AIFA Early Career and New Researcher Grant

Dr Etienne Masle-Farquhar

Garvan Institute of Medical Research, Sydney

Research Team: Prof Russell Dale, Dr Melanie Wong, Dr Shruti Swarmy, Dr Jacinta Perram, Dr Katherine Jackson, Prof Susan Clark, Dr Timothy Peters, Christopher Jara, Caitlin Bartie (Garven Institute of Medical Research), Dr Yogesh Jeelall (Sir Charles Gairdner Hospital, Perth)

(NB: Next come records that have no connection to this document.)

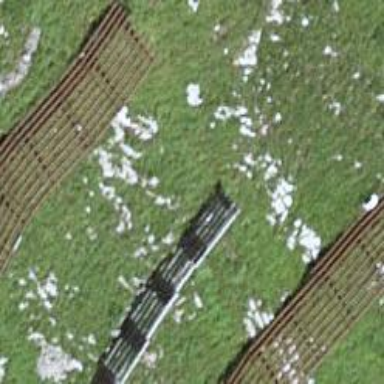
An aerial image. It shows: Structure designed for avalanche protection.
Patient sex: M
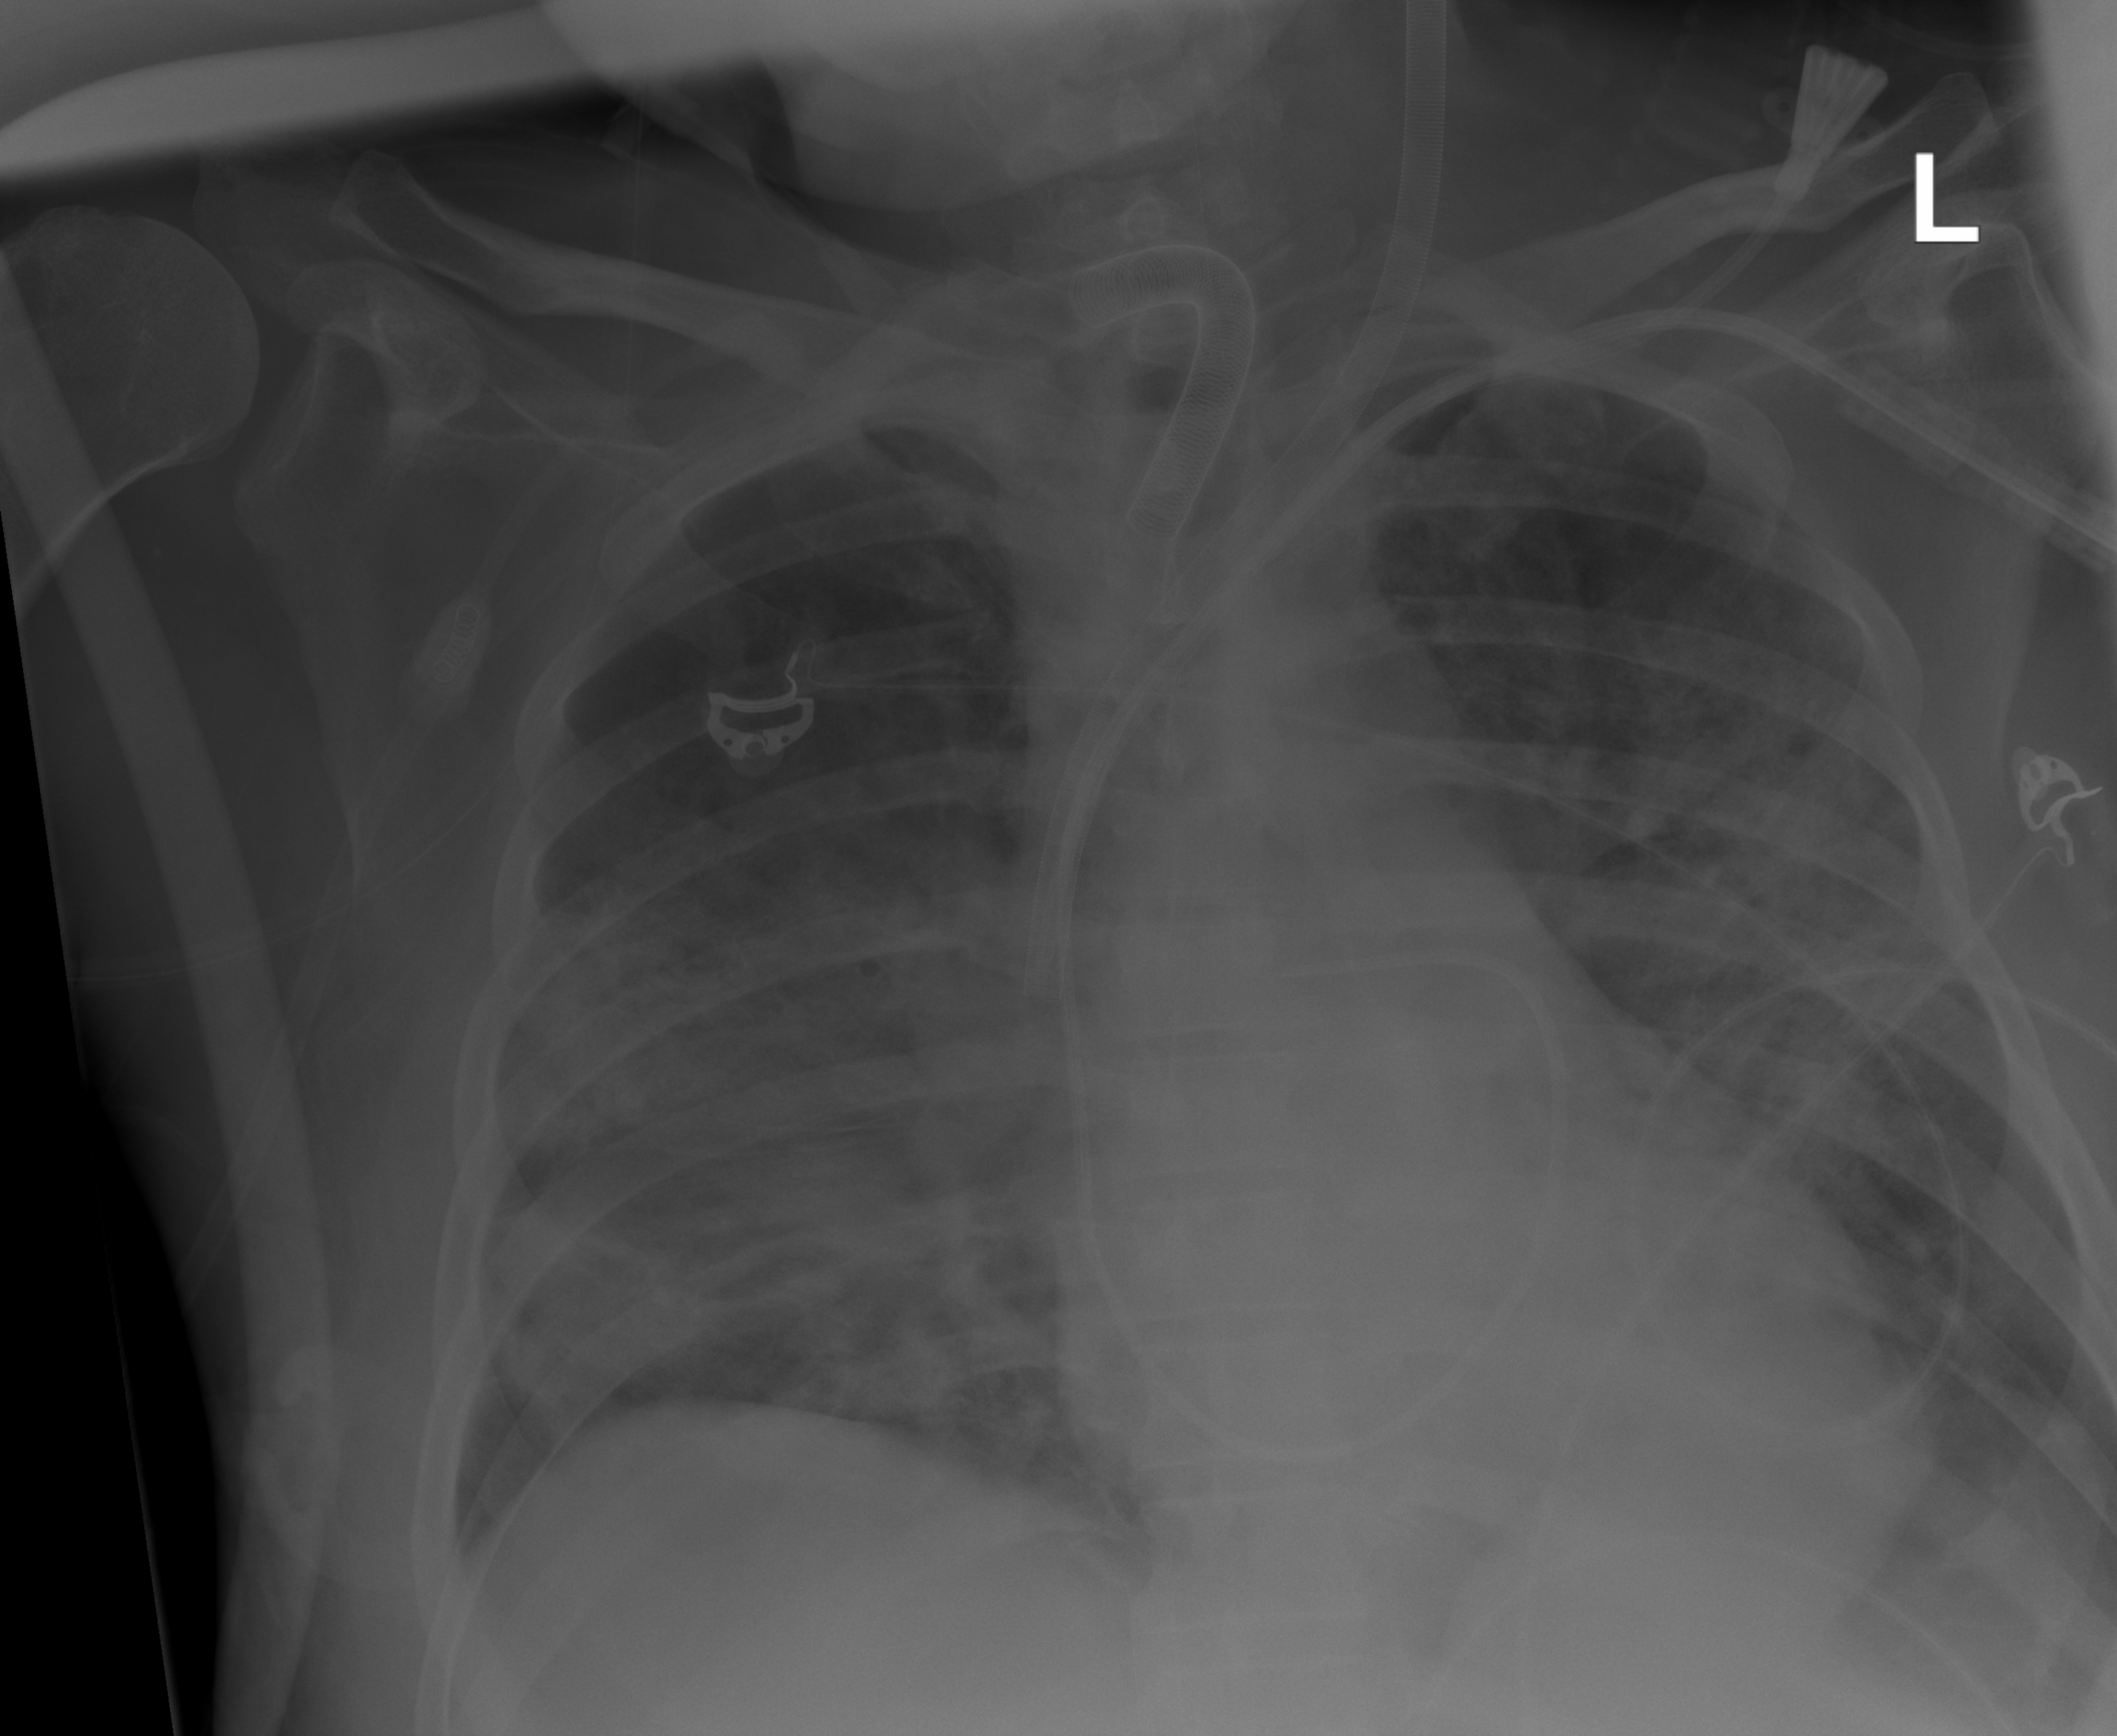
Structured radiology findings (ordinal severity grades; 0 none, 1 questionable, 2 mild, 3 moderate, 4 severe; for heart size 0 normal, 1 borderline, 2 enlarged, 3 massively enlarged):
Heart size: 1
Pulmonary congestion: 2
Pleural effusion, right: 0
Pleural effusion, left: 2
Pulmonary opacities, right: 2
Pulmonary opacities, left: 2
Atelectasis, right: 2
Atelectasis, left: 2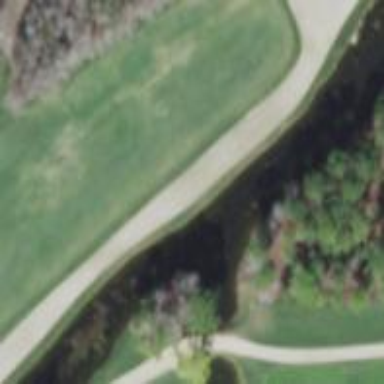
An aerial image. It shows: Golf bunker filled with sandy terrain.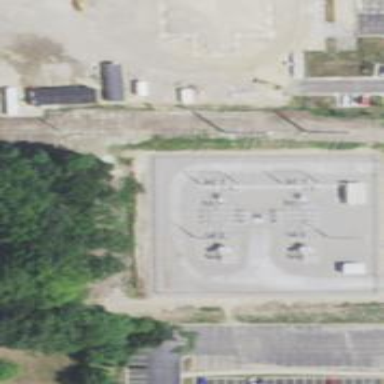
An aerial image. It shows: There is distribution substation enclosed by fence.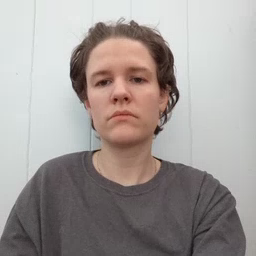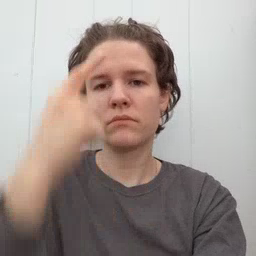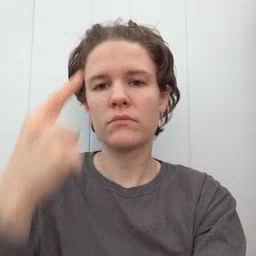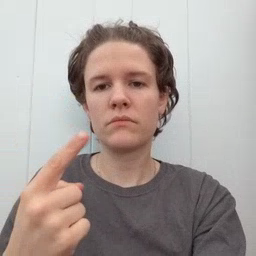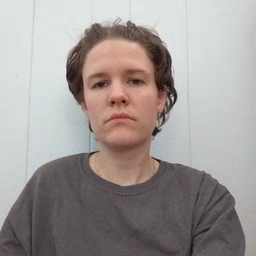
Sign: penny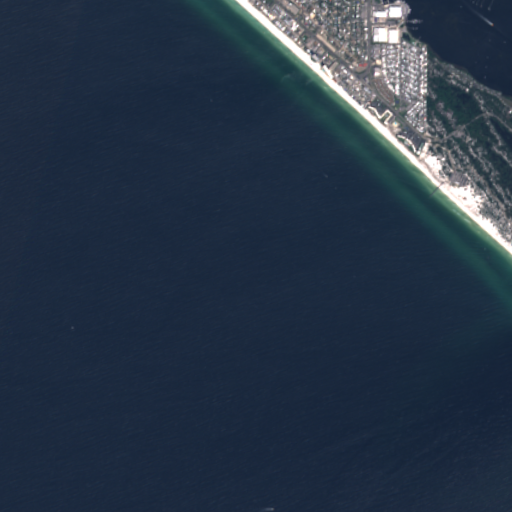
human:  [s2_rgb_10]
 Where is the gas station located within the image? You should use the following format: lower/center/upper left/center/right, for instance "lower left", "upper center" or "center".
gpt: The gas station is located in the upper right of the image.
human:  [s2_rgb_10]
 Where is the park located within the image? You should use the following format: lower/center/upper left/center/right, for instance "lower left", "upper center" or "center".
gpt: The park is located in the upper right of the image.
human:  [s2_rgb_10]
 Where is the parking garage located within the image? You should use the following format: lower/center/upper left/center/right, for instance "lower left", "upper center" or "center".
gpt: The parking garage is located in the upper center of the image.
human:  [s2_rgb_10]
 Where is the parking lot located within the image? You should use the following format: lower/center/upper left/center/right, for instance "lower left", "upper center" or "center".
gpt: The parking lot is located in the upper right of the image.
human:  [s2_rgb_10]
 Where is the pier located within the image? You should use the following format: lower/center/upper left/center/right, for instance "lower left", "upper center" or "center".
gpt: The pier is located in the upper right of the image.
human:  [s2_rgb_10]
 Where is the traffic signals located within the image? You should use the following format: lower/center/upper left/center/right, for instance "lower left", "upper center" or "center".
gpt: The traffic signals is located in the upper right of the image.
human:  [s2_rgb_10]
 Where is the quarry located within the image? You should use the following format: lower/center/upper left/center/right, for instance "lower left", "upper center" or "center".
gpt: There is no quarry in the image.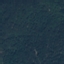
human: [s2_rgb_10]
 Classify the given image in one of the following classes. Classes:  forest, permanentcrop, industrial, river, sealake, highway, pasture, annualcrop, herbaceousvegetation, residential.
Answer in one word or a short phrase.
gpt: Forest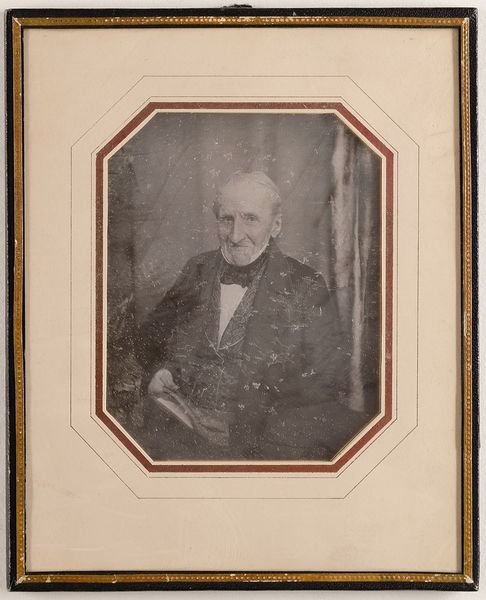
Titel: Herr Michaelsen im 77. Lebensjahr
Künstler: Carl Ferdinand Stelzner
Standort: Hamburg
Institution: Museum für Kunst und Gewerbe Hamburg
Schlagwörter: mann, portrait, figur, foto, fotografie, photographie, photo, lichtbild, daguerreotypie, bildwerke, angewandte und bildende kunst, hessische systematik, porträt, porträtfotografie, porträtphotographie, hüftbild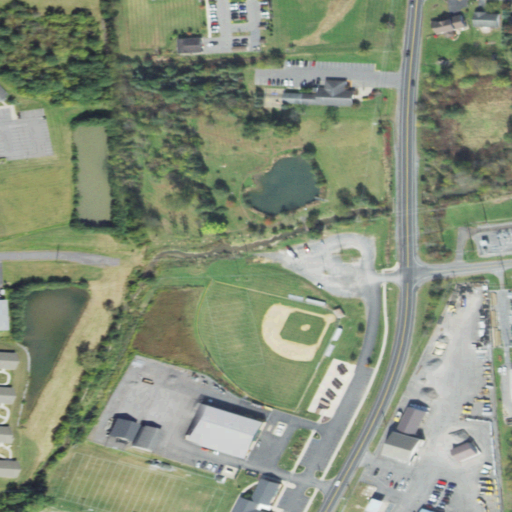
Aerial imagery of valley in Pennsylvania named Buffalo Valley containing low intensity development, open development, medium intensity development, high intensity development, pasture, herbaceous wetlands, and cultivated crops

The goal of this project is to understand how mutations within B lymphocytes, that modify a gene called KMT2D, cause autoimmune disease and/or immune deficiency in young children with Kabuki Syndrome (KS) or in adults with a rare anemia called Cold Agglutinin Disease (CAD). In addition to KS and CAD, mutations in KMT2D are incredibly frequent in up to 30% of B cell non-Hodgkin lymphomas, which are often life-threatening diseases.

By identifying cohorts of patients with these diseases, and using cutting-edge immunology and sequencing methods to identify and study specific “Rogue” B cells harbouring KMT2D mutations, the team hopes to aid in the diagnosis, monitoring and eventually treatment of individuals with KS and CAD.  Their findings will also have broad relevance to scientists and clinicians studying or treating B cell lymphomas.